“我不同意。”
易雨飒面对着易惠,脸上看不出丝毫的波动。
她是早上回到的玉京,刚下飞机就被易惠叫到了身边。
结果一见面就接到了自己跟张辞婚事取消的通知。
“我不是来征求你意见的。”
易惠脸上同样也没什么表情,古井无波的眼神看起来甚至让人胆寒:
“我和辛辛已经见过面,这是他的意思,我已经同意了。”
易雨飒的呼吸骤然急促起来,眼神也多了一丝怨毒:
“呵呵。”
她冷笑着:
“他的意思,您同意了,现在只是通知我一声。”
“所以在你们眼里,我就是块抹布,不想用了随时就能丢弃,是吗?”
“义母,您别忘了,我和张辞的婚事是邬夫人生前定下来的,您没有取消的权力!”
易惠嗯了声:“说得对,我确实没有权力取消,但辛辛有,他不想娶你,就没有人能勉强他。”
易雨飒盯着易惠:“您要违背邬夫人的遗愿吗?”
易惠看着易雨飒,一抹失望之色在她眼底倏忽而逝。
她叹了口气:“飒飒,你为何到现在都不明白呢?”
易雨飒微微一怔:什么意思?
没等她发问,易惠便缓缓道:
“夫人的遗愿是辛辛一辈子平安、健康、快乐。
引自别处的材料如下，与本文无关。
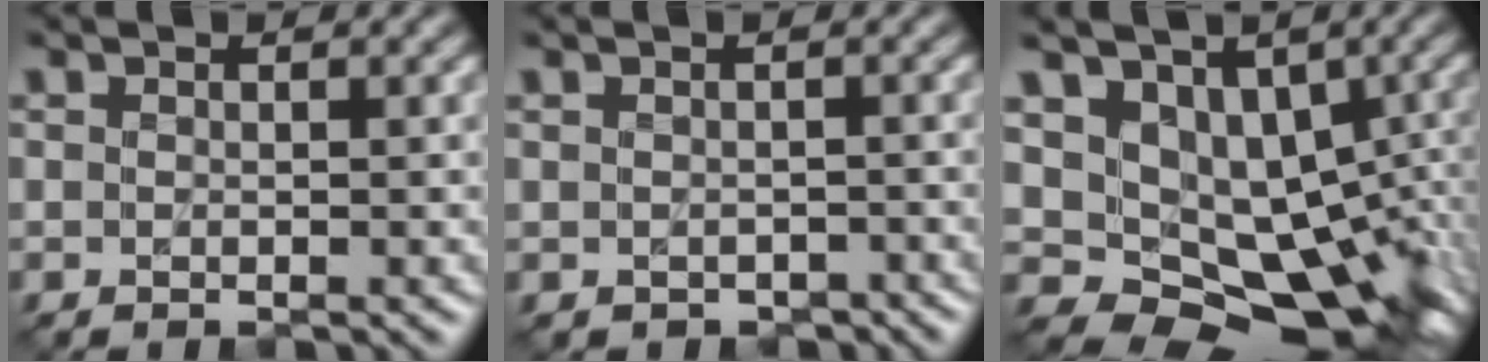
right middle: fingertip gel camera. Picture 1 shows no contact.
{"total": 1.7, "force": [-1.1, 1.1, 0.7], "torque": [-0.005, -0.007, -0.014]}
{"total": 12.4, "force": [0.1, 8.5, 9.1], "torque": [-0.126, -0.019, 0.031]}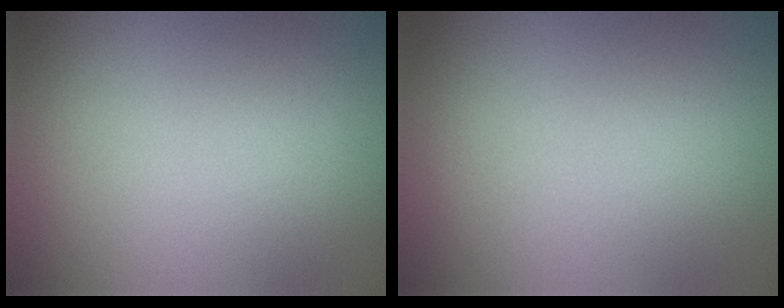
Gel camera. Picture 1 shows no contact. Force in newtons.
{"total": 0.0}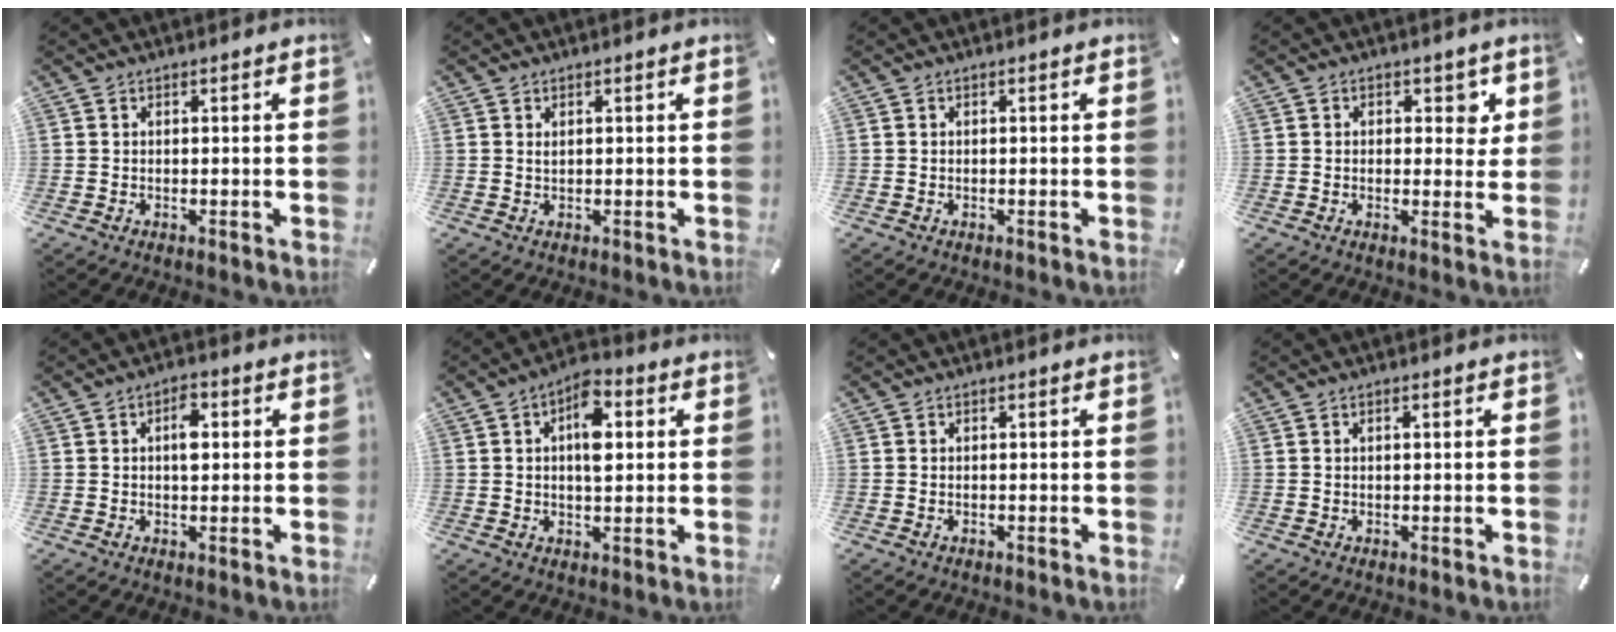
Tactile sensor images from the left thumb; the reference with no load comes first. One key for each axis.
{"total": 0.7, "fx": 0.3, "fy": 0.4, "fz": 0.6, "tx": -0.012, "ty": 0.000, "tz": 0.006}
{"total": 0.0}
{"total": 4.7, "fx": 1.3, "fy": 3.3, "fz": 3.0, "tx": -0.017, "ty": -0.005, "tz": 0.011}
{"total": 4.5, "fx": 0.8, "fy": 2.4, "fz": 3.7, "tx": -0.044, "ty": -0.004, "tz": 0.005}
{"total": 8.6, "fx": 1.9, "fy": 4.4, "fz": 7.1, "tx": -0.098, "ty": -0.002, "tz": 0.027}
{"total": 0.6, "fx": -0.2, "fy": 0.4, "fz": 0.4, "tx": -0.008, "ty": 0.000, "tz": -0.005}
{"total": 0.8, "fx": 0.2, "fy": 0.4, "fz": 0.7, "tx": -0.013, "ty": 0.003, "tz": 0.003}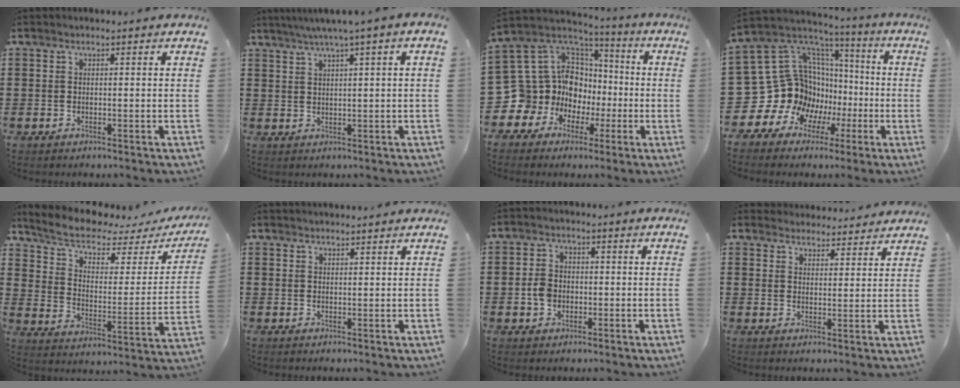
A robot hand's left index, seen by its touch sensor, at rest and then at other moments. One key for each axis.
{"total": 2.9, "fx": 1.5, "fy": -0.5, "fz": 2.4, "tx": -0.047, "ty": -0.001, "tz": 0.025}
{"total": 13.6, "fx": -1.6, "fy": 13.0, "fz": 3.9, "tx": -0.141, "ty": -0.036, "tz": -0.004}
{"total": 16.5, "fx": -2.8, "fy": 15.0, "fz": 6.3, "tx": -0.188, "ty": -0.043, "tz": 0.000}
{"total": 6.5, "fx": 5.1, "fy": 2.0, "fz": 3.5, "tx": -0.093, "ty": -0.031, "tz": 0.088}
{"total": 1.4, "fx": 1.4, "fy": 0.0, "fz": 0.2, "tx": -0.006, "ty": 0.000, "tz": 0.027}
{"total": 3.3, "fx": -0.6, "fy": 2.7, "fz": 1.9, "tx": -0.048, "ty": 0.002, "tz": -0.013}
{"total": 3.7, "fx": 3.7, "fy": 0.5, "fz": 0.1, "tx": -0.014, "ty": -0.014, "tz": 0.069}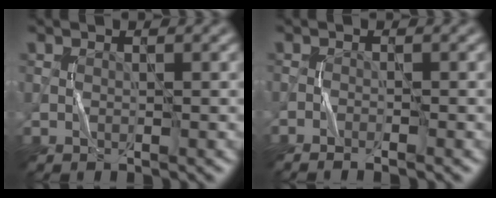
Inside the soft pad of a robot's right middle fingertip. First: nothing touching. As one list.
[{"total": 1.9, "force": [-1.5, 0.1, 1.1], "torque": [-0.034, 0.002, -0.031]}]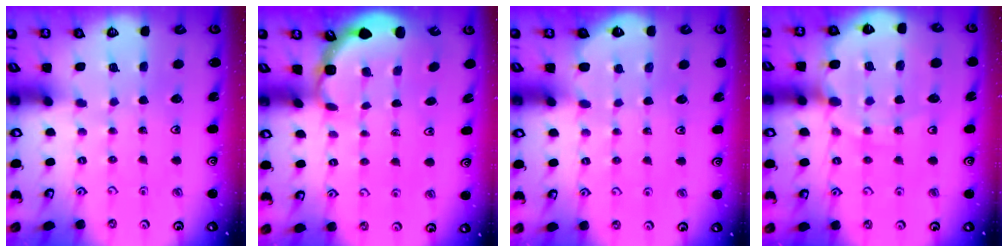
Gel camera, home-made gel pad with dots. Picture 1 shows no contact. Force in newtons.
{"total": 2.0, "press": 1.8, "slide": 0.9}
{"total": 3.3, "press": 3.3, "slide": 0.4}
{"total": 10.8, "press": 10.7, "slide": 1.3}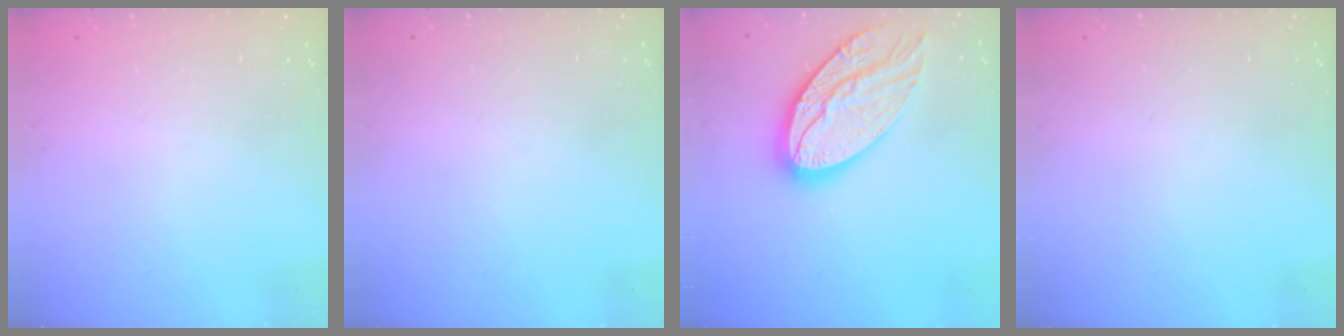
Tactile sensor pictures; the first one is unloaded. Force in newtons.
{"total": 0.0}
{"total": 20.1, "press": 20.0, "slide": 1.7}
{"total": 0.0}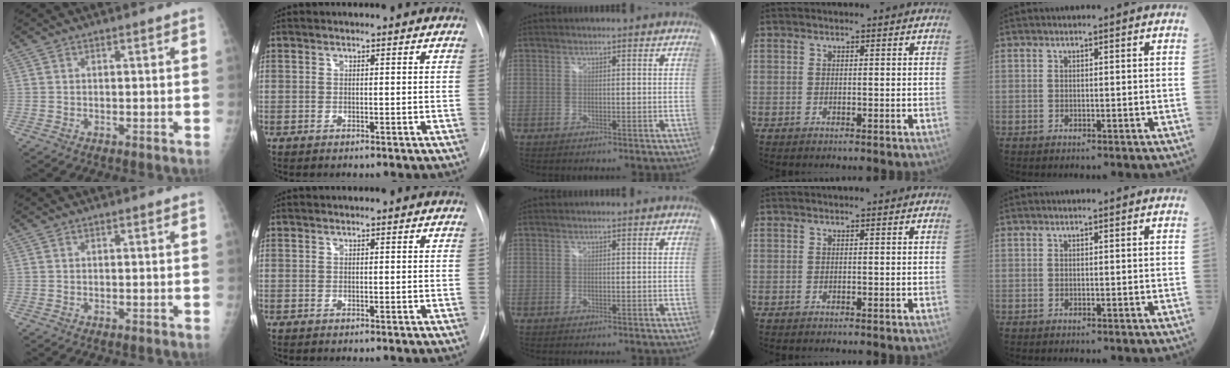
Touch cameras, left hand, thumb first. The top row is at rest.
{}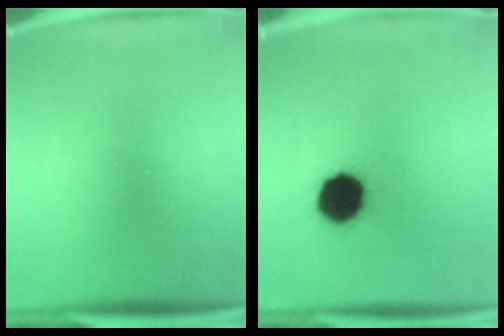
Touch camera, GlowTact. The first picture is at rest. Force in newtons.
{"total": 14.1}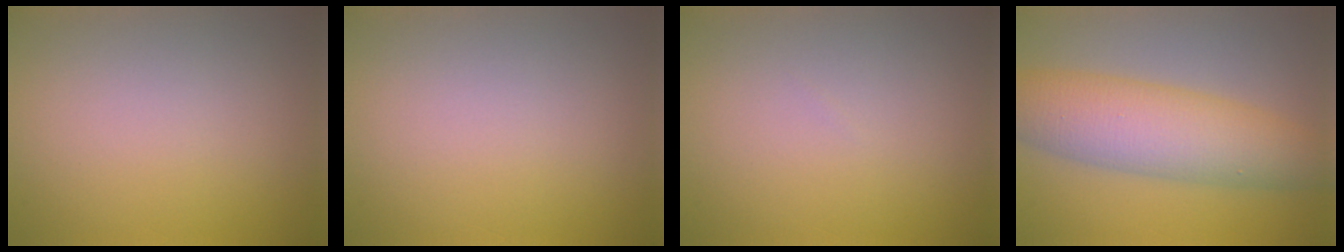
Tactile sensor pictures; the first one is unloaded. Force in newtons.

”
“辛辛既然不愿意娶你,夫人当然不会勉强。”
“更何况颜颜已经身怀有孕?”
“我也亲眼去看过了,那是个很不错的孩子,辛辛也是真心喜欢她。”
“这就够了。”
胡说八道!
易雨飒深吸了口气,讥讽地看着易惠:
“义母,你忘了楚家曾经对张辞做过的事情吗?”
“不错,他现在和楚红颜的感情确实很好,可这并不能抹杀掉楚家曾经在他身上施加的痛苦和羞辱。”
“您自诩最疼爱张辞,现在居然对这些视而不见么?”
“可笑!”
蠢呐,真是蠢……
这一刻,易惠忽然有些自我怀疑:自己教育孩子的水平是不是真的很差?不然怎么养了这么个蠢货出来?
“义母!”
易雨飒眼圈儿红的惊人:
“您的通知我收到了,我的回复也跟您说了——我不同意。”
“张辞想要退婚,让他自己来跟我说。”
“或者,杀了我。”
说罢,她便转身离去,留给易惠一个冷酷的背影。
“唉。”
良久,易惠发出一声无奈而又痛心的叹息。
她知道,自己和易雨飒之间已经产生了一道罅隙。
还不小的那种。
思考了片刻,她拉开书桌的抽屉。
“刚才的对话你都听见了吧?”易惠问。
躺在桌上的木偶人毫无动静。
想了想,易惠试探着道:“这位年轻漂亮的单身女士,请问刚才我和飒飒的对话你听见了吗?”
话音还没完全落下,刚才还躺在桌上装死的木偶人立刻蹦了起来。
“听到了听到了。”木偶人手舞足蹈:“本年轻漂亮的单身女士都听见了哦,惠夫人,您是需要我代为转达吗?”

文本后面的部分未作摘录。